─── Dataset excerpts

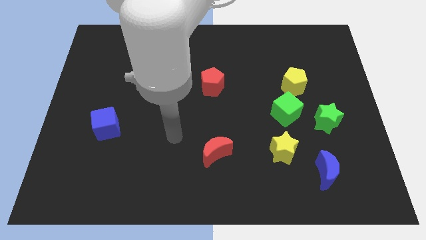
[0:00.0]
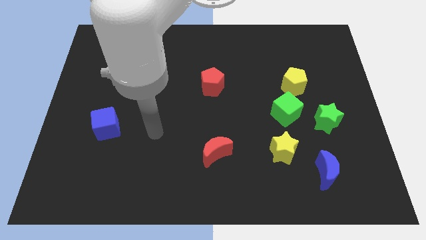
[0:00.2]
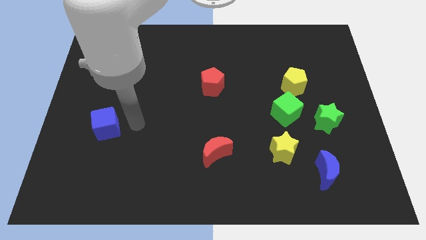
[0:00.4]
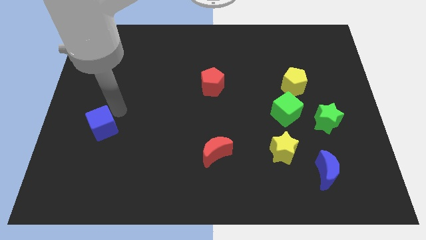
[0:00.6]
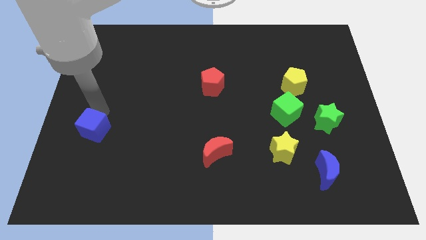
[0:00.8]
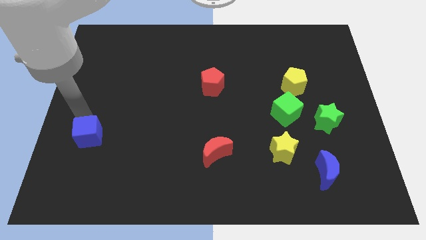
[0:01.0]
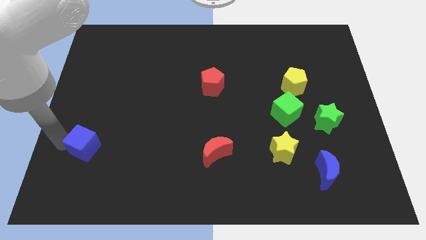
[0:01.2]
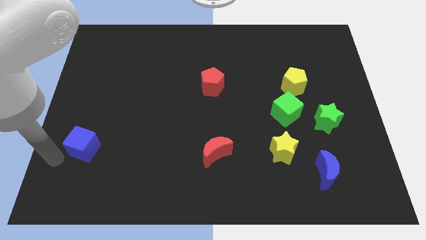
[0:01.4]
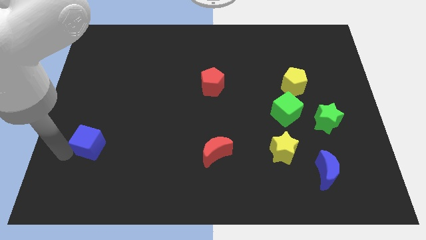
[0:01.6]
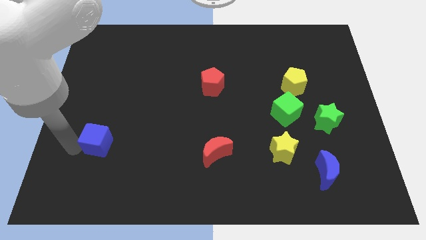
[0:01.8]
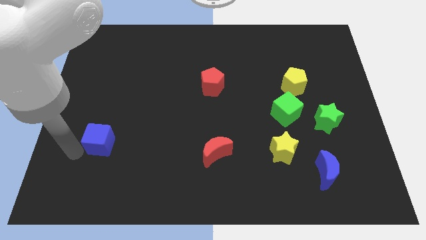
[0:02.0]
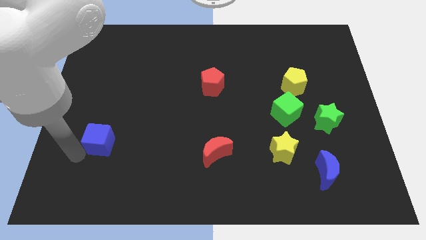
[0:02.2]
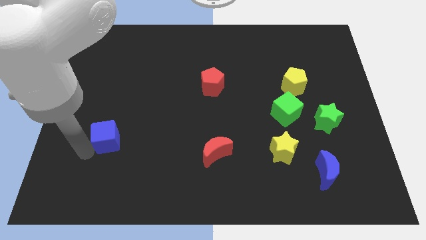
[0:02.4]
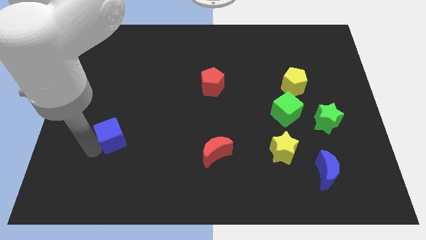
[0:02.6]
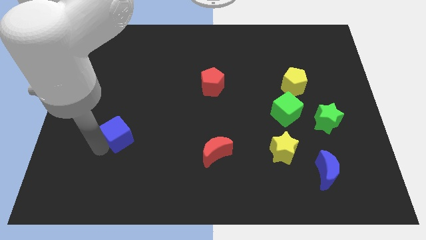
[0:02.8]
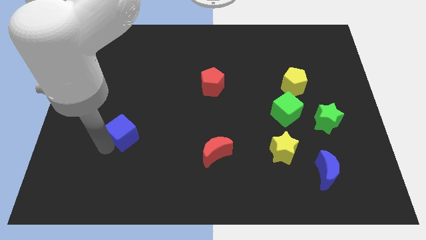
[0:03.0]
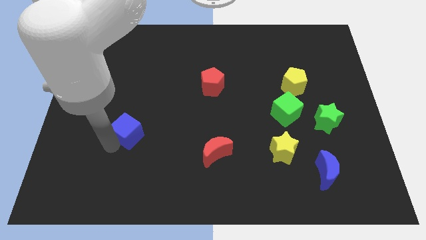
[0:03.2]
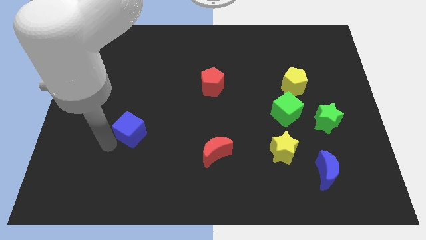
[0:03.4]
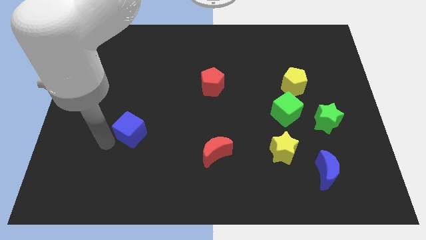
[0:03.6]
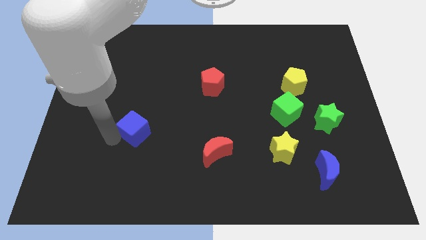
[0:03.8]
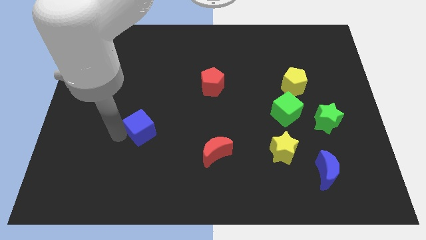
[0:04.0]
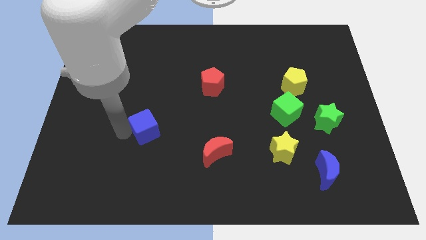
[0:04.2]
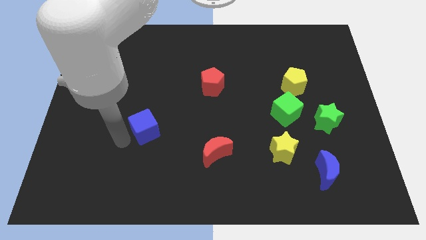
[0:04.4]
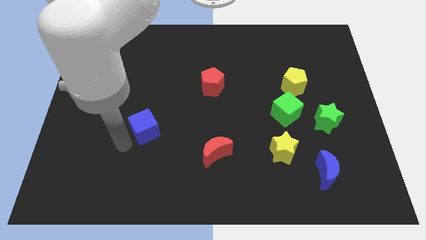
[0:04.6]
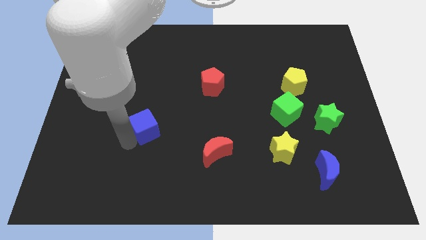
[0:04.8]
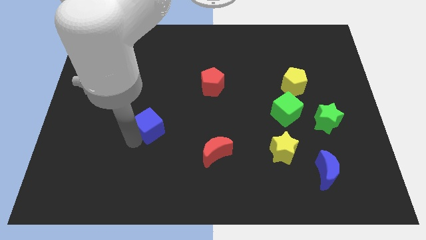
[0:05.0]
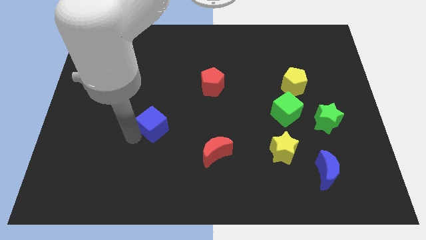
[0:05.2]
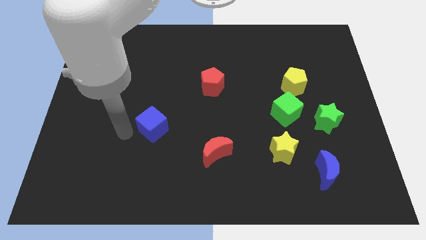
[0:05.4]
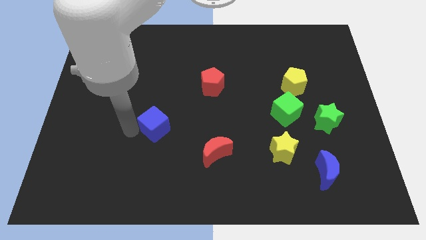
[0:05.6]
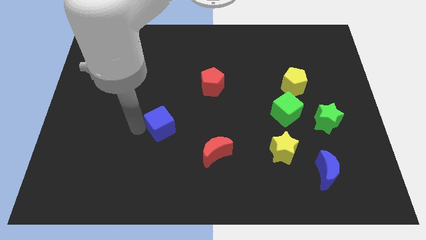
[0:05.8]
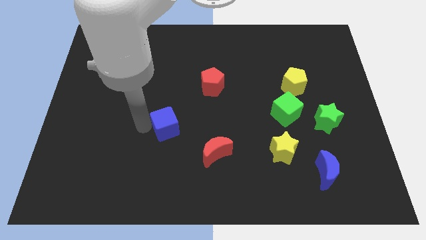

──────

# What is needed:
Retype the data word for word, please, and keep the images out.

# Reply to the task:
[0:00.0]
[0:00.2]
[0:00.4]
[0:00.6]
[0:00.8]
[0:01.0]
[0:01.2]
[0:01.4]
[0:01.6]
[0:01.8]
[0:02.0]
[0:02.2]
[0:02.4]
[0:02.6]
[0:02.8]
[0:03.0]
[0:03.2]
[0:03.4]
[0:03.6]
[0:03.8]
[0:04.0]
[0:04.2]
[0:04.4]
[0:04.6]
[0:04.8]
[0:05.0]
[0:05.2]
[0:05.4]
[0:05.6]
[0:05.8]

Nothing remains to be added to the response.